When loss is detected via timeout (RTO expiration) rather than fast retransmit (duplicate ACKs), TCP resets cwnd to 1 MSS and enters slow start. This is a severe penalty—throughput may drop by 99% instantly. The rationale is that timeout indicates severe congestion (the network is so overwhelmed that no ACKs are getting through), warranting the most conservative response.

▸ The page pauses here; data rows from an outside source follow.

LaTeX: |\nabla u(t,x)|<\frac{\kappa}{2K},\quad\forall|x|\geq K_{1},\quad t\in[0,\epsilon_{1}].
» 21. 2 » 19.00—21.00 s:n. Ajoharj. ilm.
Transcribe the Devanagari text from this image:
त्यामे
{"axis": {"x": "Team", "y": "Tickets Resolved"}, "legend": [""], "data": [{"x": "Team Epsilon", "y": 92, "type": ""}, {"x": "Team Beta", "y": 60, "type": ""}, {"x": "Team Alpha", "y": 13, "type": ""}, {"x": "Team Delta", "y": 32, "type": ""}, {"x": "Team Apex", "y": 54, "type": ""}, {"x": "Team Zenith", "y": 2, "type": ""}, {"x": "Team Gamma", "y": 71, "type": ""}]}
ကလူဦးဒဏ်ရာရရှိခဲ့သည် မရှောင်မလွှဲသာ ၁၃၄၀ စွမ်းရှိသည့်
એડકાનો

The Slow Start to Congestion Avoidance Transition

The transition from slow start to congestion avoidance is one of TCP's most important state changes. Understanding exactly when and how this transition occurs is crucial for analyzing connection behavior.

The transition condition:

When cwnd >= ssthresh:
    Exit slow start
    Enter congestion avoidance
    Change growth from exponential to linear

This condition is checked after every cwnd update. The moment cwnd equals or exceeds ssthresh, the growth rule changes from additive (per ACK) to truly additive (per RTT).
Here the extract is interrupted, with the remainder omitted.